DIRECTIONS
Reproduce all the records word for word. Omit images.

DATA FOR ANALYSIS
# # # # # # #

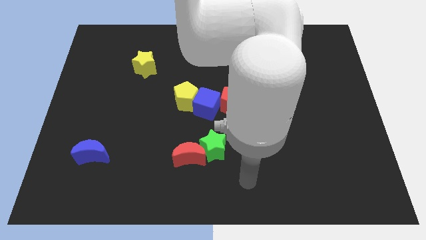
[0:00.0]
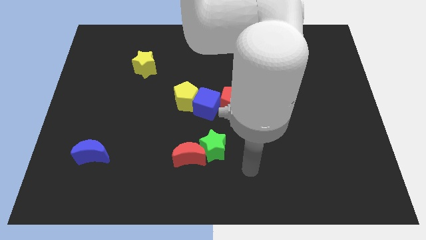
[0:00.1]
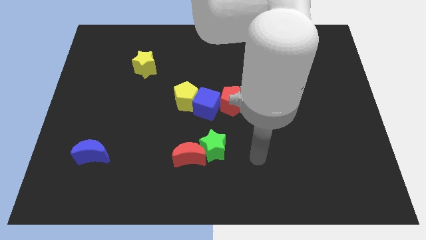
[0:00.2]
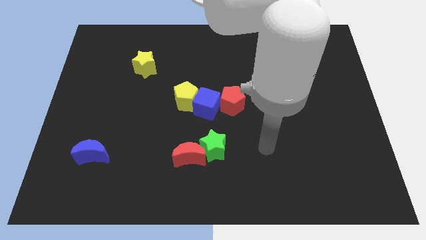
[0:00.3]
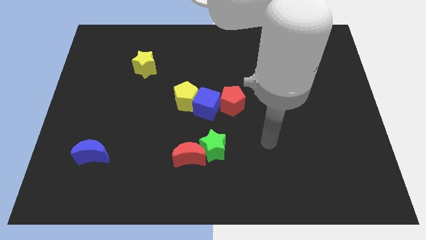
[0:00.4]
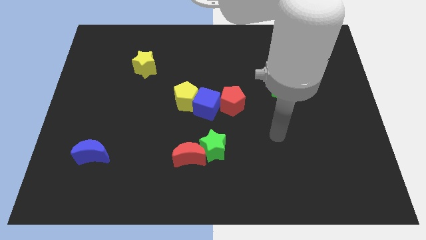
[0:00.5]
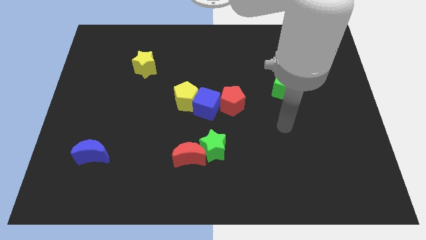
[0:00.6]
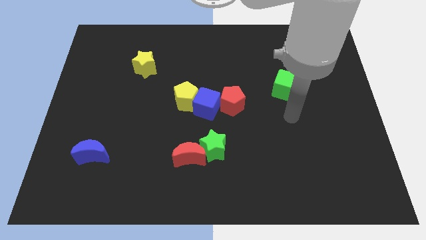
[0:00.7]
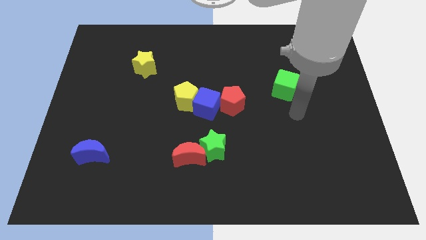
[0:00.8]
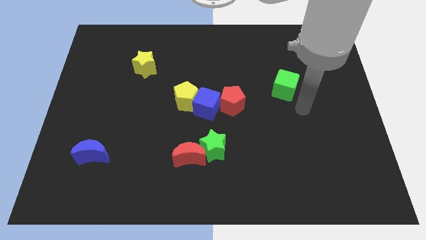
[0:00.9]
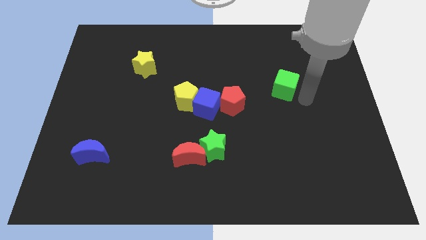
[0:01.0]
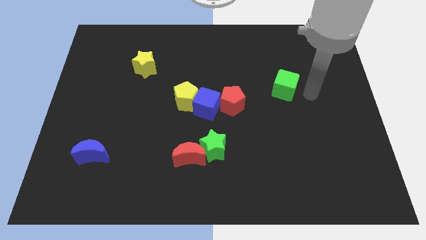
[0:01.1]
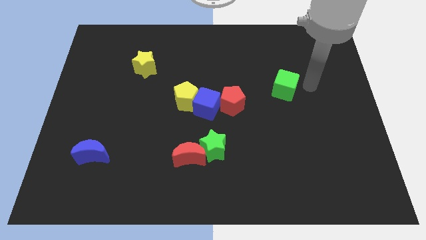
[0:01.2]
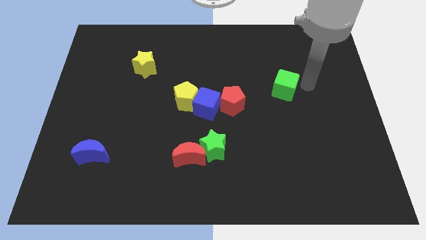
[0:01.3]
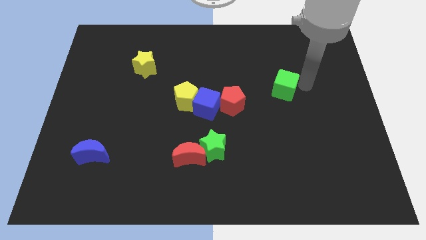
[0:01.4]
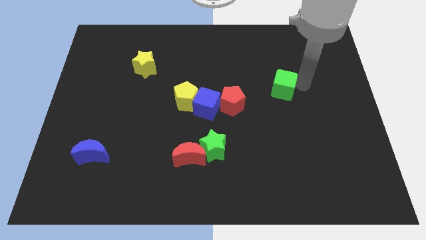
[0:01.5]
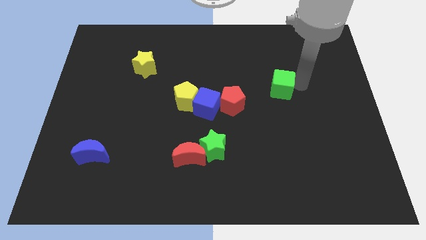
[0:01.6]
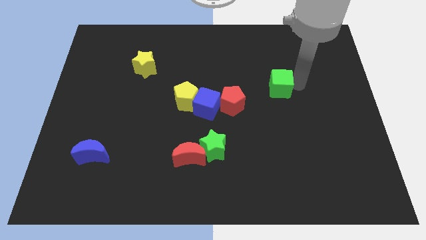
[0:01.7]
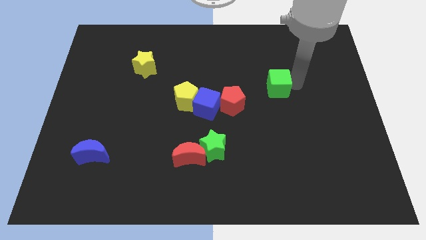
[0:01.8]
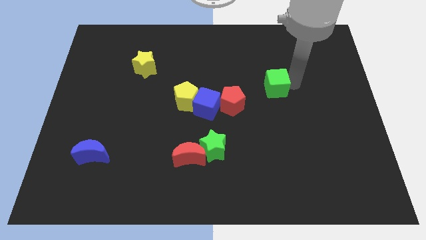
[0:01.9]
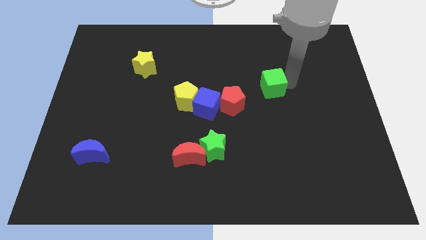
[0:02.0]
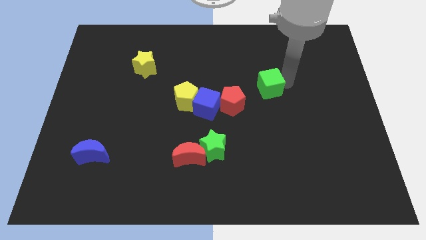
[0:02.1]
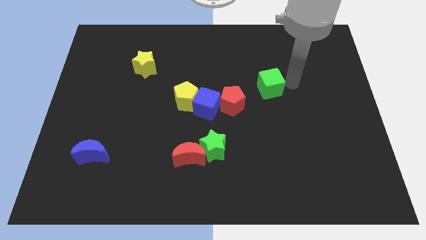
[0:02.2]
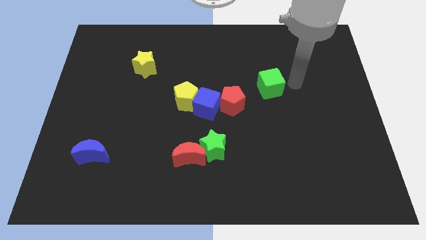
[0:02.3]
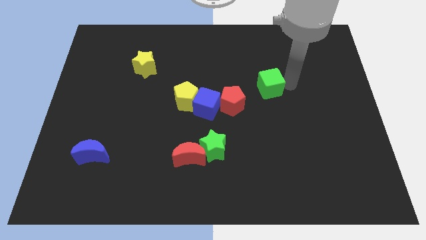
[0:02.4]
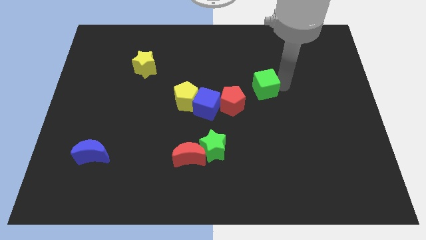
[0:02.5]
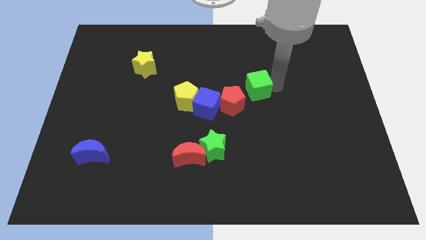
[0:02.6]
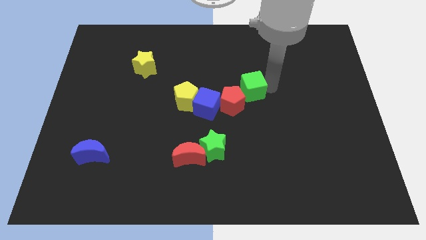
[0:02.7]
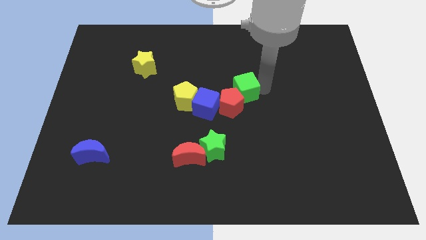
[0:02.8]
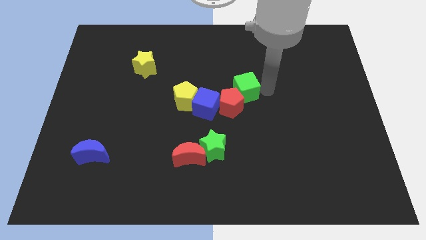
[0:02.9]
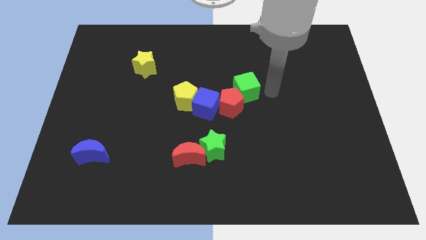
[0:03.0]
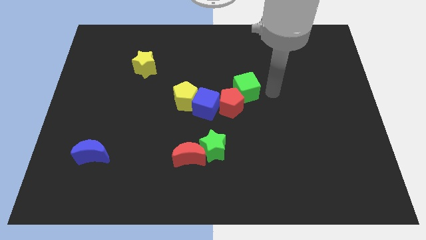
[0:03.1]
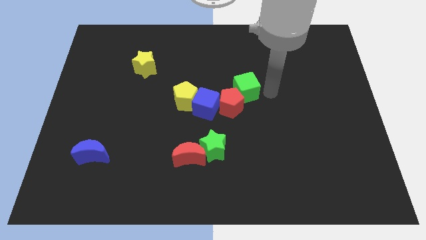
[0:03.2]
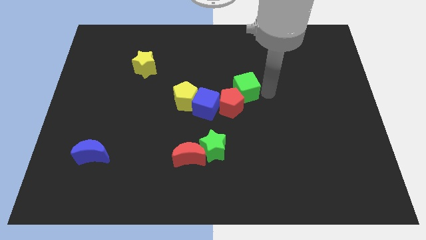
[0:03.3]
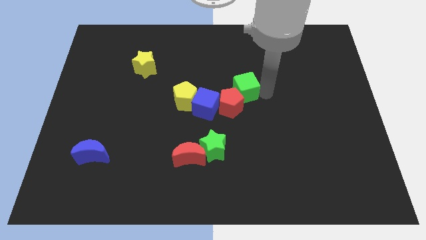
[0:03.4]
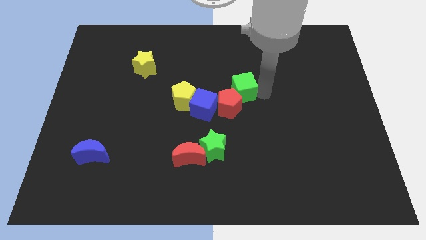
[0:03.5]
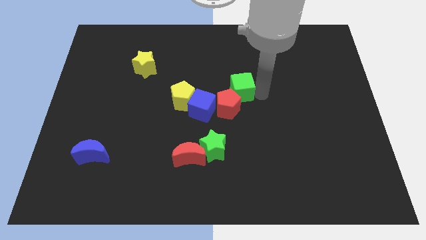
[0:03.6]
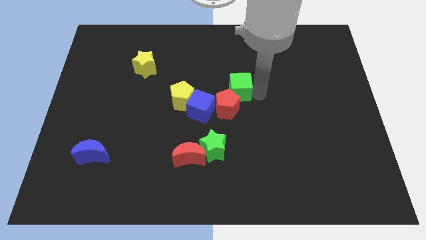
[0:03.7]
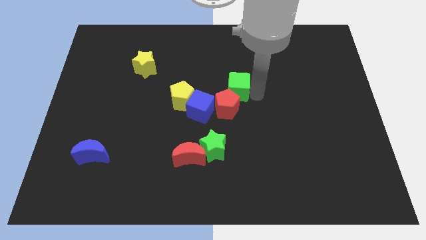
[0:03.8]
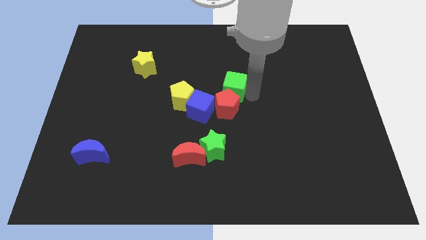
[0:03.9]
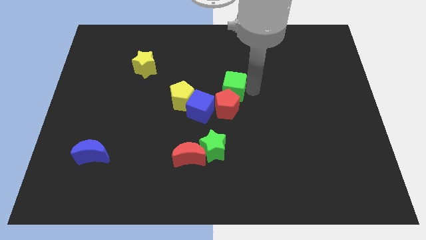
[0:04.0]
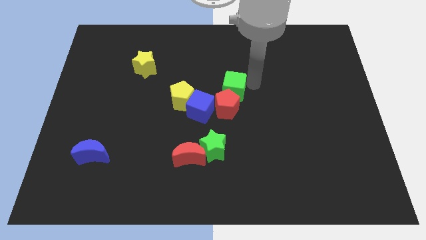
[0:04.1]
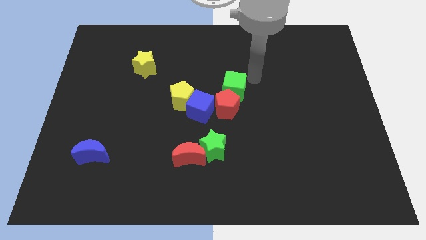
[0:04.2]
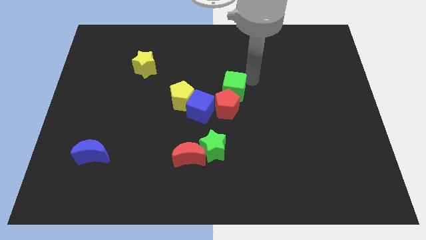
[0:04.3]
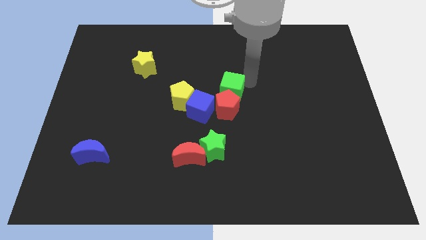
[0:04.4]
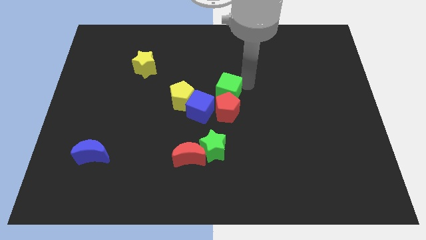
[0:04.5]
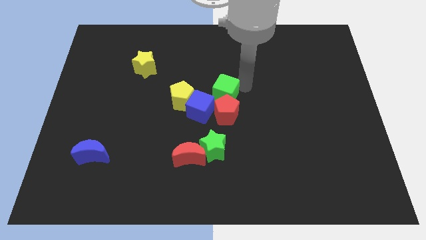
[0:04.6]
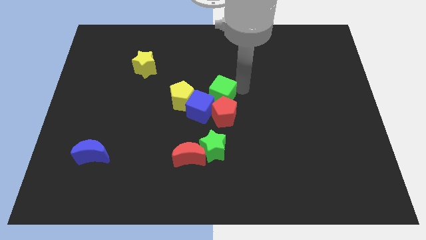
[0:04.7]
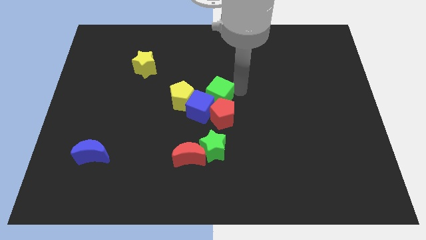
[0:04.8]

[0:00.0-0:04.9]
slide the green cube to the blue cube

# # # # # # #

OUTPUT FOR THIS TASK
[0:00.0]
[0:00.1]
[0:00.2]
[0:00.3]
[0:00.4]
[0:00.5]
[0:00.6]
[0:00.7]
[0:00.8]
[0:00.9]
[0:01.0]
[0:01.1]
[0:01.2]
[0:01.3]
[0:01.4]
[0:01.5]
[0:01.6]
[0:01.7]
[0:01.8]
[0:01.9]
[0:02.0]
[0:02.1]
[0:02.2]
[0:02.3]
[0:02.4]
[0:02.5]
[0:02.6]
[0:02.7]
[0:02.8]
[0:02.9]
[0:03.0]
[0:03.1]
[0:03.2]
[0:03.3]
[0:03.4]
[0:03.5]
[0:03.6]
[0:03.7]
[0:03.8]
[0:03.9]
[0:04.0]
[0:04.1]
[0:04.2]
[0:04.3]
[0:04.4]
[0:04.5]
[0:04.6]
[0:04.7]
[0:04.8]

[0:00.0-0:04.9]
slide the green cube to the blue cube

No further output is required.